Saroyan nei suoi romanzi commuove, ecco cosa fa. Ci scrive dentro quelle cose che capitano nella vita, di tanto in tanto, e proprio perché genuine meravigliose, cose amate proprio perché imperfette.
«Ho avuto un altro attacco questa notte. Niente di che, per la verità. Ho sentito che qualcosa non andava, per cui ho chiesto al ragazzo di andarmi a prendere le medicine. Dovrei farmi visitare tutti i giorni, ma non ne ho voglia. Dovrei darmi una calmata.» […]
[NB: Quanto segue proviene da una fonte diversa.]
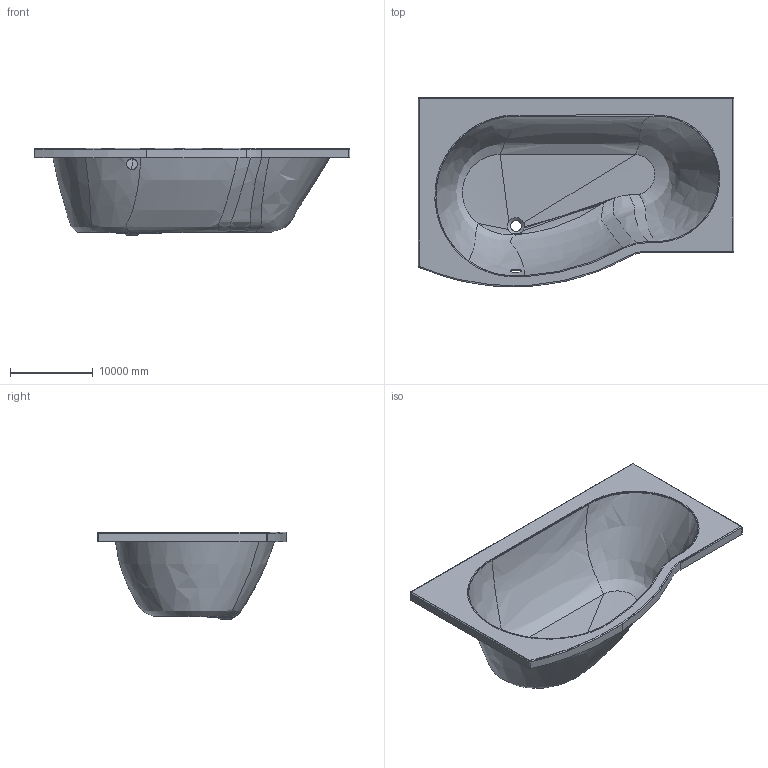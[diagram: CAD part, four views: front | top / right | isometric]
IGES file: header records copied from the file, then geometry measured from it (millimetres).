
Global section: file name: BS-1592L_2; native system: AutoCAD 2016 - English; preprocessor: Autodesk Translation Framework DWG producer (atf_dwg_producer); organization: unknown; date: 20170428.094204; units: inch
Bounding box: 38105.09 x 22835.01 x 10541 mm (x, y, z)
Volume: 206552108094.6 mm3; surface area: 2889149058.5 mm2
Topology: 2 solids, 2 shells, 78 faces, 218 edges, 144 vertices
Faces by surface type: bspline 78
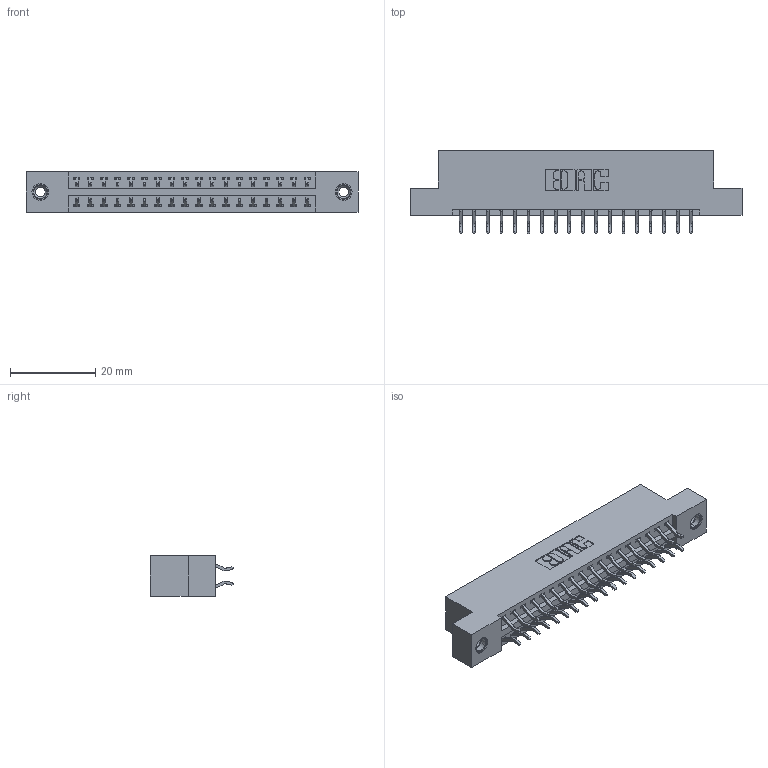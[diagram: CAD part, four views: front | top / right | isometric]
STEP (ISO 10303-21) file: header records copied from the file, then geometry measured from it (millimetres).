
FILE_DESCRIPTION (( 'STEP AP203' ), '1' );
FILE_NAME ('396-036-556-208.STEP', '2018-09-06T04:58:28', ( '' ), ( '' ), 'SwSTEP 2.0', 'SolidWorks 2016', '' );
FILE_SCHEMA (( 'CONFIG_CONTROL_DESIGN' ));
Length unit declared in the file: inch
Products named in the file (4): 396-036-556-208; 346 Part_Flush Mounting Lugs - 0.156 Dia-TI; 345-292-001_556 Tail; 345-250-001_345-250-003-102
Assembly tree (39 placements, depth 2):
  396-036-556-208
    346 Part_Flush Mounting Lugs - 0.156 Dia-TI
    345-292-001_556 Tail  x36
    345-250-001_345-250-003-102  x2
Bounding box: 77.72 x 19.57 x 9.4 mm (x, y, z)
Volume: 7384.7 mm3; surface area: 9760.1 mm2
Topology: 39 solids, 39 shells, 2270 faces, 6693 edges, 4406 vertices
Faces by surface type: plane 1512, cylinder 742, cone 12, torus 4
Entity records: 16384 total; most frequent: CARTESIAN_POINT 2731, ORIENTED_EDGE 2646, DIRECTION 2473, EDGE_CURVE 1323, VECTOR 1091, LINE 1091, VERTEX_POINT 876, AXIS2_PLACEMENT_3D 691

«Vai da Corbett, all’angolo, e bevitene uno. […] Su, vai, Willie. Fatti un goccetto, e quando torni ci dedichiamo ai vecchi tempi.»
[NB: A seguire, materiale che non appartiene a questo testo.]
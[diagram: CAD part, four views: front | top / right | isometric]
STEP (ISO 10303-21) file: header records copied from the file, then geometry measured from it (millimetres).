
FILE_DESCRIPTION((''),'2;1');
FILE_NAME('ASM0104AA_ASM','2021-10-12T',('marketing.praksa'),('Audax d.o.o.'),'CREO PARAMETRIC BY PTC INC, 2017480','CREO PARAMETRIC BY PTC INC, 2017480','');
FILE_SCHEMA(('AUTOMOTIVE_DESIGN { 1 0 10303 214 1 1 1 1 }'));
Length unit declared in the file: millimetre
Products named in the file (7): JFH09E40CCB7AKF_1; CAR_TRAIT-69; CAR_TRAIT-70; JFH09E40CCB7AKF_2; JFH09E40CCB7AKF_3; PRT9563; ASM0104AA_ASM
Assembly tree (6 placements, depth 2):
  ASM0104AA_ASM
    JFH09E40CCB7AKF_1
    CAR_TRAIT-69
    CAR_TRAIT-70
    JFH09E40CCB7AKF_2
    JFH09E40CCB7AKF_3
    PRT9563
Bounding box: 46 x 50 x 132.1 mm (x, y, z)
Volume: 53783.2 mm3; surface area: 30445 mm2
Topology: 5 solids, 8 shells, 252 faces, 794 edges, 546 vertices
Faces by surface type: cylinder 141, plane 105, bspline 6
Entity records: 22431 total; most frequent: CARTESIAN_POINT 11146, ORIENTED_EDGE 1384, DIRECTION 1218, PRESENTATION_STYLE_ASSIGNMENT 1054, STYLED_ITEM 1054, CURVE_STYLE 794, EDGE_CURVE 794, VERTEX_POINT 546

«Ma non dovrei bere, Tom.»
«Lo so che non dovresti, ma so anche che ne hai una gran voglia, e a volte quel che uno desidera è ben più importante di quel che dovrebbe fare… per cui vai, e fatti una bevuta.»
«Pensavo che un ragazzo non dovrebbe piangere più, una volta cresciuto, mentre sembra quasi che sia proprio quello il momento di cominciare, perché è allora che apre gli occhi.» […]
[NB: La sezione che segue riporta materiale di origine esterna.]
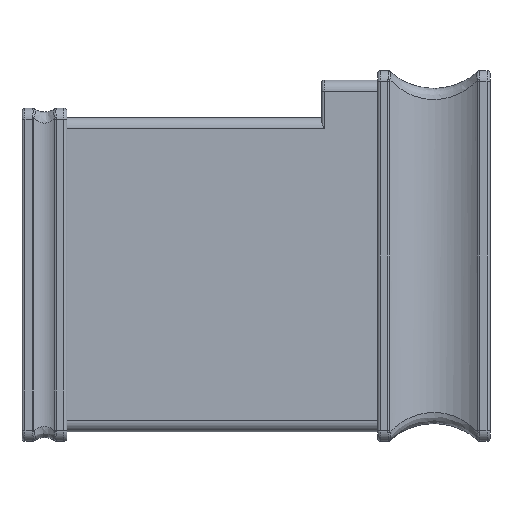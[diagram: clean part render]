
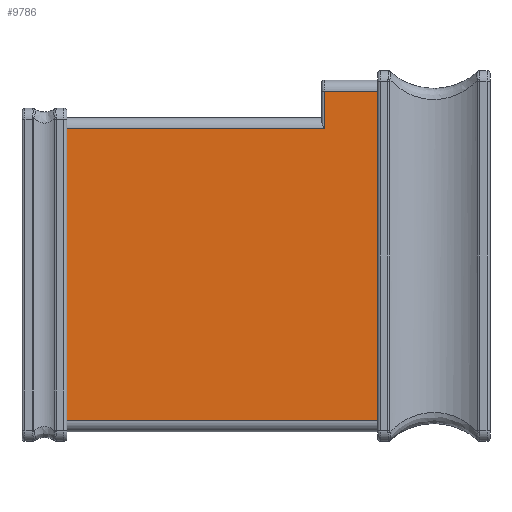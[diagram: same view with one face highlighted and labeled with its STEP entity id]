
A CAD part, left-side view. The second image highlights one B-rep face of the part: STEP entity #9786.
In plain terms, the highlighted planar face has unit normal (-1, 0, 0).
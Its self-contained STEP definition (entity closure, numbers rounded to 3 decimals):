
#531=PLANE('',#10269);
#1021=FACE_OUTER_BOUND('',#1611,.T.);
#1611=EDGE_LOOP('',(#8456,#8457,#8458,#8459,#8460,#8461,#8462,#8463,#8464,
#8465));
#2207=LINE('',#19770,#2811);
#2228=LINE('',#19859,#2832);
#2231=LINE('',#19864,#2835);
#2232=LINE('',#19868,#2836);
#2233=LINE('',#19870,#2837);
#2234=LINE('',#19872,#2838);
#2235=LINE('',#19874,#2839);
#2236=LINE('',#19876,#2840);
#2237=LINE('',#19877,#2841);
#2238=LINE('',#19878,#2842);
#2811=VECTOR('',#11521,10.);
#2832=VECTOR('',#11606,10.);
#2835=VECTOR('',#11611,10.);
#2836=VECTOR('',#11616,10.);
#2837=VECTOR('',#11617,10.);
#2838=VECTOR('',#11618,10.);
#2839=VECTOR('',#11619,10.);
#2840=VECTOR('',#11620,10.);
#2841=VECTOR('',#11621,10.);
#2842=VECTOR('',#11622,10.);
#4356=VERTEX_POINT('',#19759);
#4357=VERTEX_POINT('',#19761);
#4384=VERTEX_POINT('',#19856);
#4385=VERTEX_POINT('',#19858);
#4386=VERTEX_POINT('',#19863);
#4387=VERTEX_POINT('',#19867);
#4388=VERTEX_POINT('',#19869);
#4389=VERTEX_POINT('',#19871);
#4390=VERTEX_POINT('',#19873);
#4391=VERTEX_POINT('',#19875);
#5726=EDGE_CURVE('',#4357,#4356,#2207,.T.);
#5767=EDGE_CURVE('',#4384,#4385,#2228,.T.);
#5770=EDGE_CURVE('',#4356,#4386,#2231,.T.);
#5772=EDGE_CURVE('',#4387,#4357,#2232,.T.);
#5773=EDGE_CURVE('',#4387,#4388,#2233,.T.);
#5774=EDGE_CURVE('',#4389,#4388,#2234,.T.);
#5775=EDGE_CURVE('',#4389,#4390,#2235,.T.);
#5776=EDGE_CURVE('',#4390,#4391,#2236,.T.);
#5777=EDGE_CURVE('',#4385,#4391,#2237,.T.);
#5778=EDGE_CURVE('',#4384,#4386,#2238,.T.);
#8456=ORIENTED_EDGE('',*,*,#5726,.F.);
#8457=ORIENTED_EDGE('',*,*,#5772,.F.);
#8458=ORIENTED_EDGE('',*,*,#5773,.T.);
#8459=ORIENTED_EDGE('',*,*,#5774,.F.);
#8460=ORIENTED_EDGE('',*,*,#5775,.T.);
#8461=ORIENTED_EDGE('',*,*,#5776,.T.);
#8462=ORIENTED_EDGE('',*,*,#5777,.F.);
#8463=ORIENTED_EDGE('',*,*,#5767,.F.);
#8464=ORIENTED_EDGE('',*,*,#5778,.T.);
#8465=ORIENTED_EDGE('',*,*,#5770,.F.);
#9786=ADVANCED_FACE('',(#1021),#531,.T.);
#10269=AXIS2_PLACEMENT_3D('',#19866,#11614,#11615);
#11521=DIRECTION('',(0.,0.,1.));
#11606=DIRECTION('',(0.,-1.,0.));
#11611=DIRECTION('',(0.,-1.,0.));
#11614=DIRECTION('center_axis',(-1.,0.,0.));
#11615=DIRECTION('ref_axis',(0.,0.,1.));
#11616=DIRECTION('',(0.,-1.,0.));
#11617=DIRECTION('',(0.,0.,-1.));
#11618=DIRECTION('',(0.,1.,0.));
#11619=DIRECTION('',(0.,0.,-1.));
#11620=DIRECTION('',(0.,-1.,0.));
#11621=DIRECTION('',(0.,0.,-1.));
#11622=DIRECTION('',(0.,0.,-1.));
#19759=CARTESIAN_POINT('',(-39.5,44.2,51.5));
#19761=CARTESIAN_POINT('',(-39.5,44.2,41.5));
#19770=CARTESIAN_POINT('',(-39.5,44.2,5.2));
#19856=CARTESIAN_POINT('',(-39.5,30.,54.5));
#19858=CARTESIAN_POINT('',(-39.5,28.,54.5));
#19859=CARTESIAN_POINT('',(-39.5,30.,54.5));
#19863=CARTESIAN_POINT('',(-39.5,30.,51.5));
#19864=CARTESIAN_POINT('',(-39.5,30.,51.5));
#19866=CARTESIAN_POINT('Origin',(-39.5,30.,-39.1));
#19867=CARTESIAN_POINT('',(-39.5,115.,41.5));
#19868=CARTESIAN_POINT('',(-39.5,30.,41.5));
#19869=CARTESIAN_POINT('',(-39.5,115.,-36.5));
#19870=CARTESIAN_POINT('',(-39.5,115.,44.1));
#19871=CARTESIAN_POINT('',(-39.5,30.,-36.5));
#19872=CARTESIAN_POINT('',(-39.5,30.,-36.5));
#19873=CARTESIAN_POINT('',(-39.5,30.,-39.5));
#19874=CARTESIAN_POINT('',(-39.5,30.,-15.8));
#19875=CARTESIAN_POINT('',(-39.5,28.,-39.5));
#19876=CARTESIAN_POINT('',(-39.5,30.,-39.5));
#19877=CARTESIAN_POINT('',(-39.5,28.,54.5));
#19878=CARTESIAN_POINT('',(-39.5,30.,-15.8));

«Pietà. Credo che fosse la pietà a farti piangere.»
«Ecco, lascia che ti racconti una cosa a proposito della gente… stai molto attento. Se vedi qualcosa che ti sembra proprio sbagliato, non esserne del tutto certo.»
Nella quarta di copertina dell’edizione Marcos Y Marcos chi descrive Saroyan parla di lui come di un giocatore impertinente che riuscirà a vincere e perdere una fortuna con la stessa disinvoltura, a sposarsi, divorziare e risposare la stessa donna. Poco prima di morire invierà personalmente ai giornali il proprio necrologio: “Naturalmente sapevo che gli uomini muoiono, ma pensavo che per me avrebbero fatto un’eccezione. E adesso?”